Josh Introne, Michigan State University
Drinking from the fire hose: mixing methods
While Big Data is necessarily quantitative, it can be used in conjunction with other methods.
“For me, I think if I only look at the numbers I don’t get the whole picture … if we look at, for example, Twitter data, you can see some tendencies, but if you want to answer the right question then I think it’s necessary to do more qualitative studies … So I’m doing interviews with political parties, I’m also doing interviews with journalists, in order to talk about how they are using social media as journalistic tools. ”
Bente Kalsnes, University of Oslo
Drinking from the fire hose: mixing methods
This means correlations can point the way for deeper causal explanatory research.

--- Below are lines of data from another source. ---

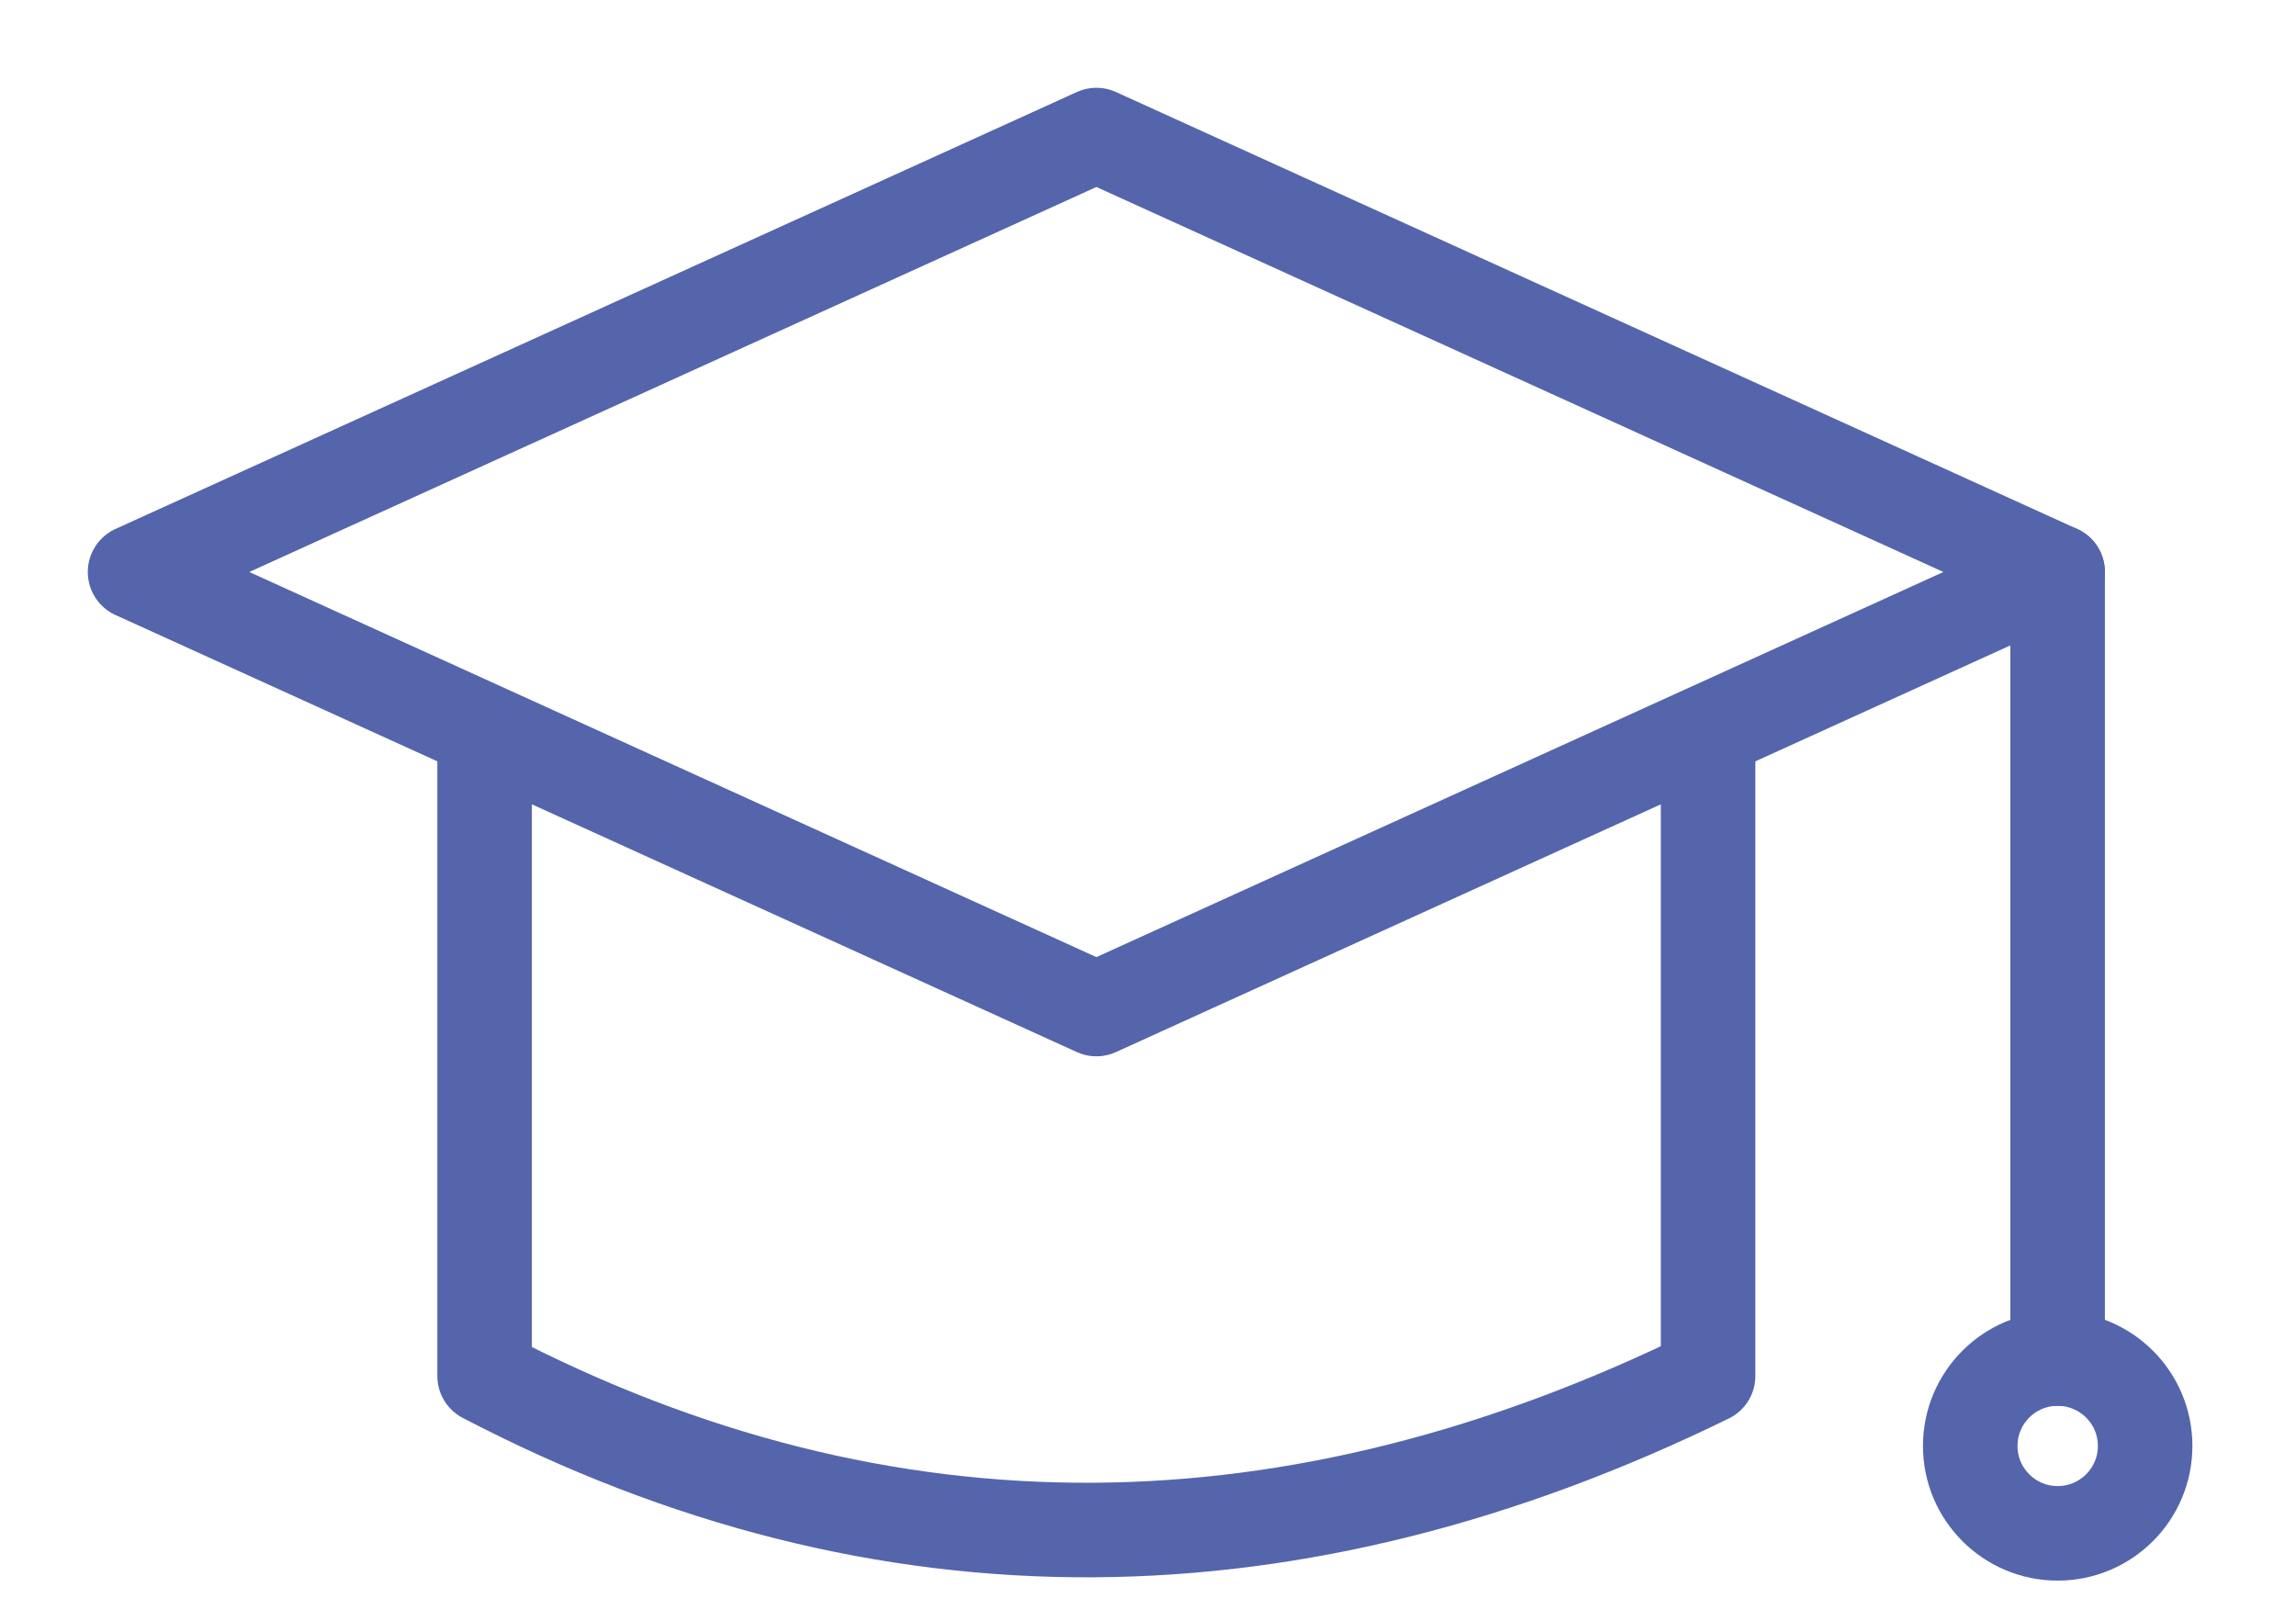 <svg width="17" height="12" viewBox="0 0 17 12" fill="none" xmlns="http://www.w3.org/2000/svg">
<path d="M15.235 4.235L8.118 7.471L1 4.235L8.118 1L15.235 4.235Z" stroke="#5465AC" stroke-width="0.7" stroke-miterlimit="10" stroke-linecap="round" stroke-linejoin="round"/>
<path d="M12.647 5.529V10.188C9.606 11.676 6.565 11.741 3.588 10.188V5.529" stroke="#5465AC" stroke-width="0.7" stroke-miterlimit="10" stroke-linecap="round" stroke-linejoin="round"/>
<path d="M15.235 4.235V10.059" stroke="#5465AC" stroke-width="0.7" stroke-miterlimit="10" stroke-linecap="round" stroke-linejoin="round"/>
<path d="M15.235 11.353C15.593 11.353 15.883 11.063 15.883 10.706C15.883 10.348 15.593 10.059 15.235 10.059C14.878 10.059 14.588 10.348 14.588 10.706C14.588 11.063 14.878 11.353 15.235 11.353Z" stroke="#5465AC" stroke-width="0.7" stroke-miterlimit="10" stroke-linecap="round" stroke-linejoin="round"/>
</svg>
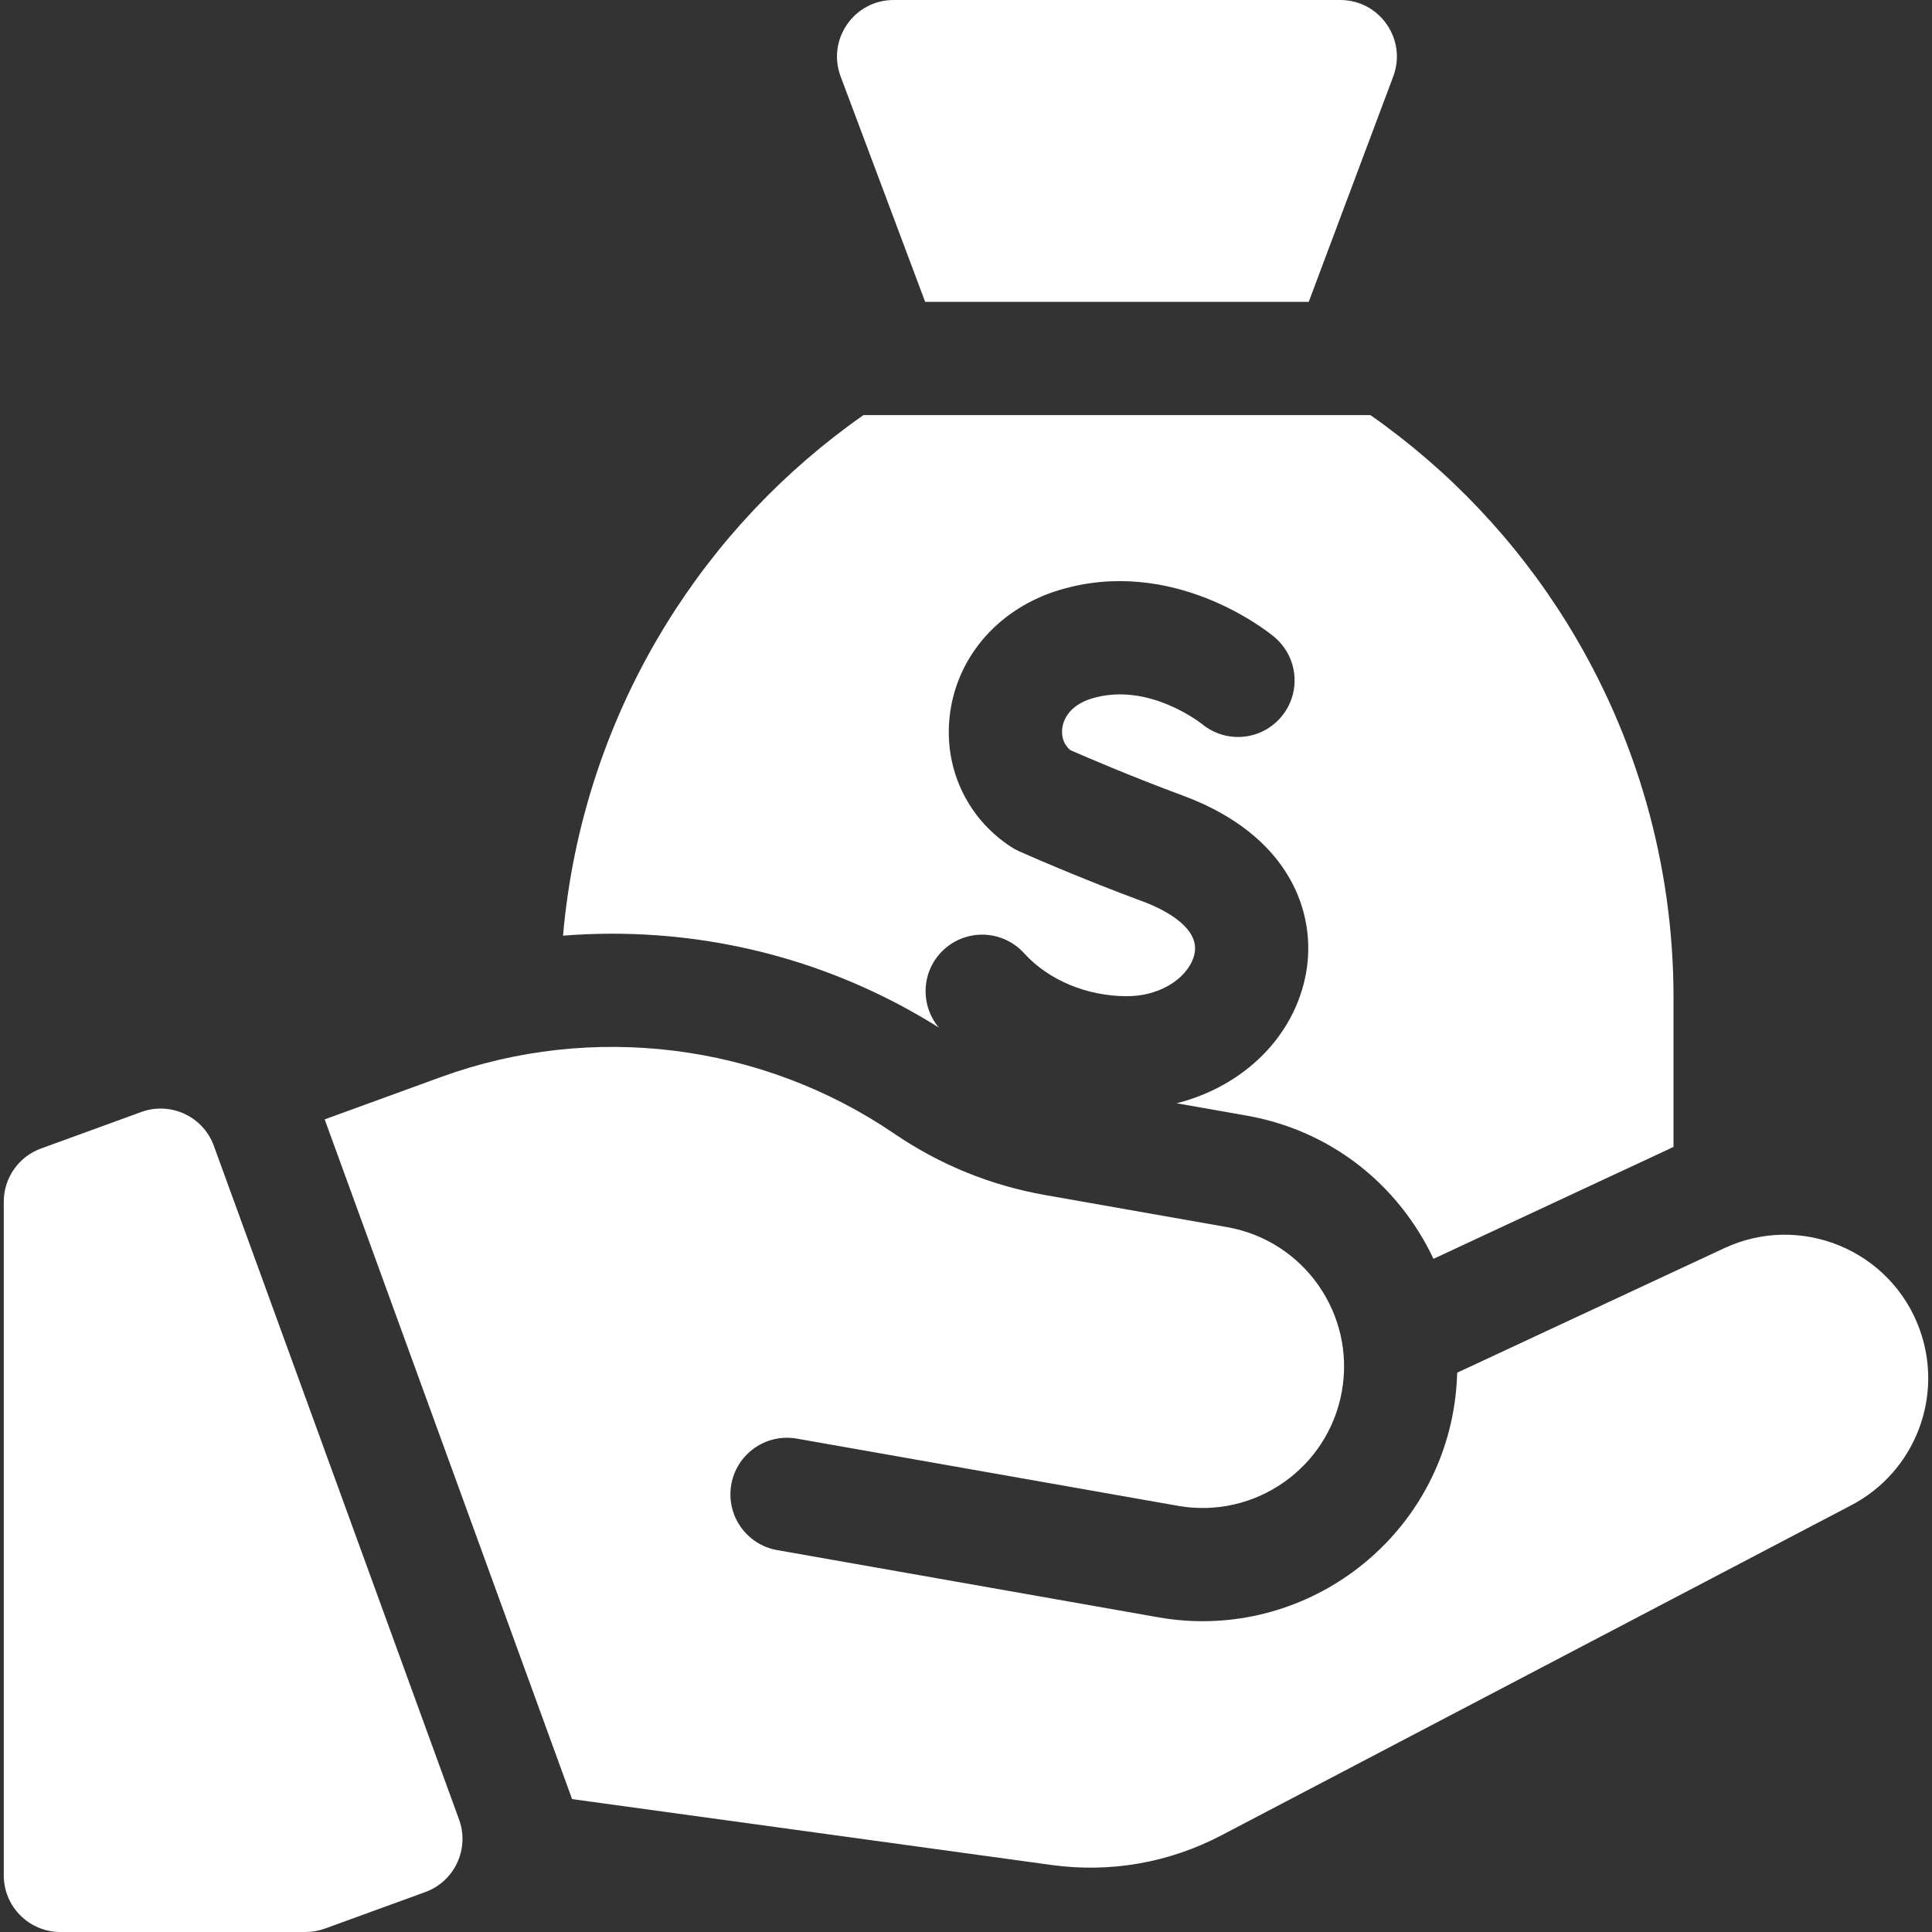 <?xml version="1.0" encoding="UTF-8" standalone="no"?> <svg xmlns="http://www.w3.org/2000/svg" xmlns:xlink="http://www.w3.org/1999/xlink" xmlns:serif="http://www.serif.com/" width="100%" height="100%" viewBox="0 0 512 512" version="1.1" xml:space="preserve" style="fill-rule:evenodd;clip-rule:evenodd;stroke-linejoin:round;stroke-miterlimit:2;"><rect x="0" y="0" width="512" height="512" fill="#333333" stroke="none"/> <g transform="matrix(1,0,0,1,5.12248e-05,-3.55271e-15)"> <path d="M56.671,303.656C53.838,295.871 45.23,291.858 37.445,294.691L10.87,304.364C4.944,306.521 1,312.153 1,318.459L1,497C1,505.284 7.716,512 16,512L80.984,512C82.734,512 84.47,511.694 86.114,511.095L112.69,501.422C120.475,498.589 124.488,489.981 121.655,482.196L56.671,303.656Z" style="fill:white;fill-rule:nonzero;"></path> <path d="M508.702,352.228C501.077,331.28 477.141,321.364 456.936,330.784L386.168,363.777C386.085,367.108 385.757,370.473 385.161,373.851C378.698,410.504 343.621,435.066 306.968,428.603L205.963,410.793C197.805,409.355 192.357,401.574 193.796,393.416C195.235,385.258 203.014,379.81 211.173,381.249L312.178,399.059C332.573,402.655 352.022,389.037 355.618,368.642C359.214,348.247 345.596,328.798 325.201,325.203L276.988,316.702C262.56,314.158 249.107,308.686 237.001,300.438C201.814,276.466 156.919,270.847 116.908,285.41L86.044,296.644L151.609,476.78L278.682,494.243C294.235,496.381 309.805,493.658 323.709,486.371L490.635,398.886C507.489,390.051 515.211,370.111 508.702,352.228Z" style="fill:white;fill-rule:nonzero;"></path> <path d="M245.178,80L346.823,80L369.223,20.267C372.9,10.46 365.65,0 355.177,0L236.823,0C226.35,0 219.1,10.46 222.778,20.267L245.178,80Z" style="fill:white;fill-rule:nonzero;"></path> <path d="M248.794,272.309C243.648,266.165 244.22,257.008 250.211,251.579C256.35,246.016 265.836,246.482 271.399,252.621C277.856,259.746 288.031,263.999 298.617,263.999C308.592,263.999 315.595,258.164 316.602,252.522C317.932,245.072 306.51,240.242 302.977,238.939C285.878,232.632 270.693,225.873 270.056,225.588C269.333,225.266 268.638,224.887 267.975,224.455C255.964,216.625 249.776,202.894 251.825,188.621C254.004,173.441 265.084,161.081 280.74,156.365C310.742,147.325 335.523,167.003 337.611,168.724C337.618,168.73 337.626,168.736 337.633,168.743C337.669,168.772 337.713,168.809 337.732,168.825L337.728,168.83C340.998,171.581 343.08,175.7 343.08,180.308C343.08,188.592 336.364,195.308 328.08,195.308C324.404,195.308 321.041,193.981 318.432,191.786L318.428,191.791L318.522,191.869C318.383,191.756 304.374,180.58 289.392,185.091C283.021,187.01 281.764,191.181 281.519,192.885C281.353,194.041 281.267,196.783 283.639,198.792C287.667,200.553 300.061,205.89 313.357,210.794C341.835,221.298 348.96,241.961 346.132,257.796C343.106,274.746 329.476,287.936 311.806,292.378L330.407,295.658C348.162,298.788 363.636,308.646 373.977,323.415C376.257,326.672 378.227,330.08 379.881,333.607L443.498,303.948L443.498,264.303C443.498,229.289 433.768,195.039 415.36,165.255C401.839,143.378 384.057,124.628 363.165,110L228.833,110C207.941,124.628 190.159,143.378 176.638,165.255C161.106,190.386 151.753,218.696 149.209,247.962C153.517,247.619 157.848,247.439 162.198,247.439C193.058,247.439 222.867,256.019 248.794,272.309Z" style="fill:white;fill-rule:nonzero;"></path> </g> </svg>

“So you start off with the patterns and then what you should be doing is saying ‘Well, here’s some possible reasons’, and then when you’ve found some relationships which really deserve more study then you would go off and do a more detailed qualitative assessment as to whether this was true or not. . ”
Richard Webber, King’s College London
Conclusion: learning to drink from the fire hose
The major question around Big Data is not what the data looks like and more about what we do with it.
The Big Data approach seems to challenge basic tenets of academic research, undermining precision, validity and explanatory power
However, with a greater understanding of the nature of data, a collaborative approach and a willingness to employ multiple methods, we’ll be better equipped to drink from the Big Data fire hose.